Iran's Opening Shots And The Logic of Escalation
Forget "not wanting" to escalate. War, especially this one, needs to be actively deescalated before we reach the abyss. PLUS: The White House smears a good reporter.
Forget "not wanting" to escalate. War, especially this one, needs to be actively deescalated before we reach the abyss. PLUS: The White House smears a good reporter.
Edited by Sam Thielman
IRAN HAS FIRED ITS FIRST DIRECT SHOTS of what is now clearly a regionalized war. I say "direct" shots because Iran sponsors an "Axis of Resistance"—Hamas in Gaza, Hezbollah in Lebanon, the "Islamic Revolution in Iraq" and Syria, and the Houthis in Yemen—each of which is advancing along its own lines of operation. But on Monday, the Iranians themselves fired missiles at Erbil, in Iraqi Kurdistan, targeting what they claim is a Mossad headquarters; and at Idlib, in northwestern Syria, in revenge for the deadly Jan. 4 ISIS attack on the Qassem Soleimani memorial demonstration.
The "Mossad headquarters" the Iranians say they were targeting was the home of a prominent Kurdish businessman named Peshraw Dizayee. Iran killed him along with his one-year old daughter, Zhina, which is yet another reminder that no empire of any variety values human life. While Iranian media says Dizayee exported oil to Israel—quite the downgrade from his house being Mossad HQ, it's hard not to notice—Heman Hussein Yassin of the Turkish news agency Anadolu reports that Dizayee is "associated with the Development Road Project, which sought to connect Iraq to Europe via Türkiye" and was clearly a connected guy with the regional Kurdish government.

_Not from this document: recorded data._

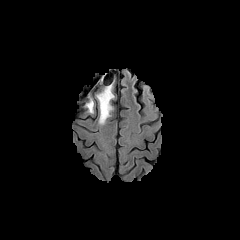
FLAIR MR image.
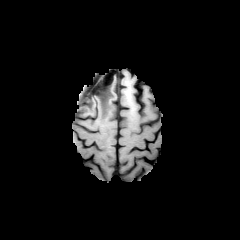
T1-weighted MR.
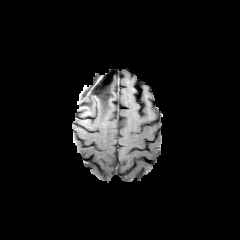
Post-contrast T1-weighted magnetic resonance.
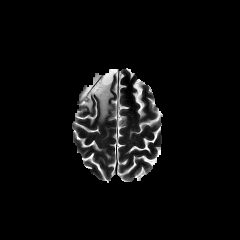
Same slice, T2-weighted magnetic resonance.
Brain
Edema at box(86, 78, 113, 124).
Non-enhancing tumor core at box(84, 92, 91, 106).

Whatever the message Iran is sending to Ankara, Erbil, and Baghdad under the pretext of attacking Israeli intelligence, the Iraqi foreign ministry is withdrawing its ambassador from Iran in protest of the Iranian attacks on Iraqi soil. Soon we'll see if the Iranians are miscalculating in Iraq in a manner similar to the American miscalculation there. But whatever the outcome, Iran's Erbil strike reveals a dynamic that intensifies every single day that Israel's U.S.-backed genocide in Gaza continues and reverberates across the region.
The White House has insisted for months that it wants no wider war, even as it arms and diplomatically defends Israel; as it directly retaliates against Iranian proxies in Iraq and Syria; and now as it directly attacks the Houthis in Yemen. An unfortunate New York Times story treated such deliberate choices by the Biden administration as something "no one wanted," which is akin to treating war, the continuation of politics by other means, like the weather. Similarly, consensus opinion within the Biden administration is that Iran, too, desires no wider war. Tehran's reliance on proxies are meant to keep retaliation against Israel under the threshold of prompting direct U.S. or Israeli retaliation.
But this is what we call a "clue." War exists beyond what its combatants intend to unleash. And alongside the suffering and sumud of Gaza, that's the reality that ought to concentrate our attention every day this war continues.